%%

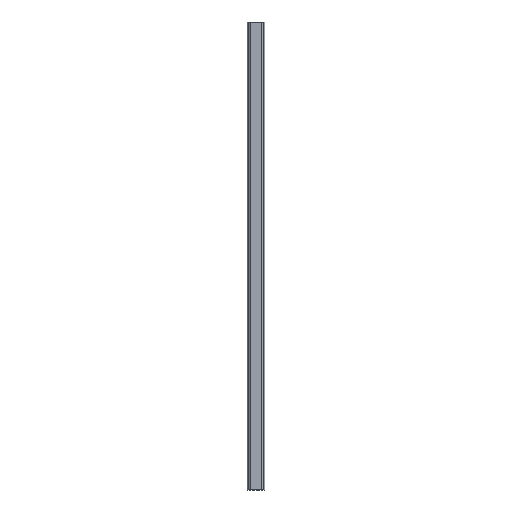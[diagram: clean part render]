
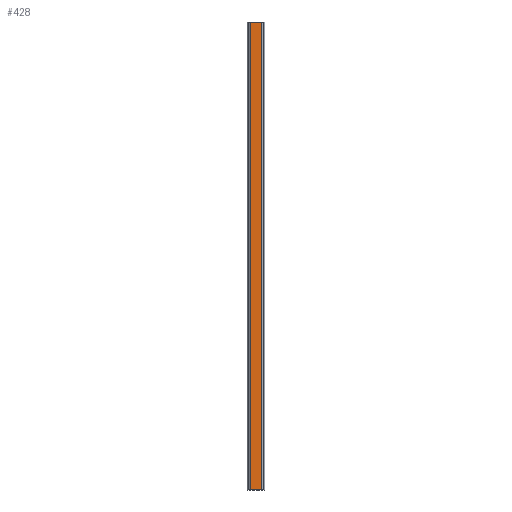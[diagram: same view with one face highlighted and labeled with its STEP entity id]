
A CAD part, top view. The second image highlights one B-rep face of the part: STEP entity #428.
In plain terms, the highlighted planar face has unit normal (0, 0, 1).
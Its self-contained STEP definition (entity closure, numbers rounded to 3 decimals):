
#428=ADVANCED_FACE('',(#881),#882,.T.);
#881=FACE_OUTER_BOUND('',#1340,.T.);
#882=PLANE('',#1341);
#1340=EDGE_LOOP('',(#2580,#2581,#2582,#2583));
#1341=AXIS2_PLACEMENT_3D('',#2584,#2585,#2586);
#2580=ORIENTED_EDGE('',*,*,#3094,.T.);
#2581=ORIENTED_EDGE('',*,*,#3192,.F.);
#2582=ORIENTED_EDGE('',*,*,#2975,.T.);
#2583=ORIENTED_EDGE('',*,*,#3190,.T.);
#2584=CARTESIAN_POINT('',(7.2,1215.0,38.));
#2585=DIRECTION('',(0.0,0.0,1.0));
#2586=DIRECTION('',(-1.0,0.0,0.0));
#2975=EDGE_CURVE('',#3643,#3641,#3644,.T.);
#3094=EDGE_CURVE('',#3836,#3834,#3837,.T.);
#3190=EDGE_CURVE('',#3641,#3836,#3947,.T.);
#3192=EDGE_CURVE('',#3643,#3834,#3949,.T.);
#3641=VERTEX_POINT('',#4573);
#3643=VERTEX_POINT('',#4576);
#3644=LINE('',#4577,#4578);
#3834=VERTEX_POINT('',#4857);
#3836=VERTEX_POINT('',#4860);
#3837=LINE('',#4861,#4862);
#3947=LINE('',#5001,#5002);
#3949=LINE('',#5004,#5005);
#4573=CARTESIAN_POINT('',(-14.4,1215.0,38.));
#4576=CARTESIAN_POINT('',(14.4,1215.0,38.));
#4577=CARTESIAN_POINT('',(14.4,1215.0,38.));
#4578=VECTOR('',#5304,1.0);
#4857=CARTESIAN_POINT('',(14.4,0.0,38.));
#4860=CARTESIAN_POINT('',(-14.4,0.0,38.));
#4861=CARTESIAN_POINT('',(0.0,0.0,38.));
#4862=VECTOR('',#5407,1.0);
#5001=CARTESIAN_POINT('',(-14.4,1215.0,38.));
#5002=VECTOR('',#5515,1.0);
#5004=CARTESIAN_POINT('',(14.4,1215.0,38.));
#5005=VECTOR('',#5516,1.0);
#5304=DIRECTION('',(-1.0,0.0,0.0));
#5407=DIRECTION('',(1.0,0.0,0.0));
#5515=DIRECTION('',(0.0,-1.0,0.0));
#5516=DIRECTION('',(0.0,-1.0,0.0));

%%

**Brief**
Retype the records above, but only those lines that fall between the line containing "#4860=CARTESIAN_POINT('',(-14.4,0.0,38.));" and the line containing "#5304=DIRECTION('',(-1.0,0.0,0.0));", with both of those lines included, exactly as written.

**Answer space**
#4860=CARTESIAN_POINT('',(-14.4,0.0,38.));
#4861=CARTESIAN_POINT('',(0.0,0.0,38.));
#4862=VECTOR('',#5407,1.0);
#5001=CARTESIAN_POINT('',(-14.4,1215.0,38.));
#5002=VECTOR('',#5515,1.0);
#5004=CARTESIAN_POINT('',(14.4,1215.0,38.));
#5005=VECTOR('',#5516,1.0);
#5304=DIRECTION('',(-1.0,0.0,0.0));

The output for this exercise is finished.